A vulnerability in the QR code reader built into the iOS 11 camera app could allow users to be directed to a malicious website without their knowledge.
The stock Camera app on iOS 11 was recently updated to automatically detect QR codes and show link previews in case the QR code contains a URL. However, reports have surfaced online that suggest this feature has an apparent bug that can allow people to change the actual URL that is redirected on clicking the link shown in the notification preview.
A new report from Infosec explains that due to a flaw in the feature, hackers can fool the QR code reader where it prompts users to open a website but instead redirects users to a different website instead.
This can be particularly dangerous especially when it comes to mobile banking, for example, where one might enter his or her credentials into the fake website, thus exposing their login details to the hacker who might be able to use it to steal one’s information or money.
The new bug that involves creating an unsuspecting hostname such as facebook.com or google.com in the notification preview, while adding a different URL for when it redirects in Safari.

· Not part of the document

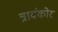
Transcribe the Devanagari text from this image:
त्रावंकोर
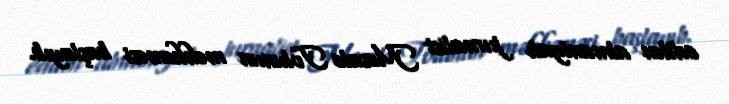
edilən almaniyalı jurnalist Mesale Tolunun məhkəməsi başlayıb.

For instance, the report uses facebook.com as the front and the actual URL is https://xxx\@facebook.com:firstname.lastname@example.org/.
Scanning the custom QR code will display facebook.com in the notification but clicking on it will open a website not linked with the social media giant. This is said to be because “The URL parser of the camera app has a problem here detecting the hostname in this URL in the same way as Safari does.”
According to the report, the bug was reported to Apple in December of last year and has not yet been fixed.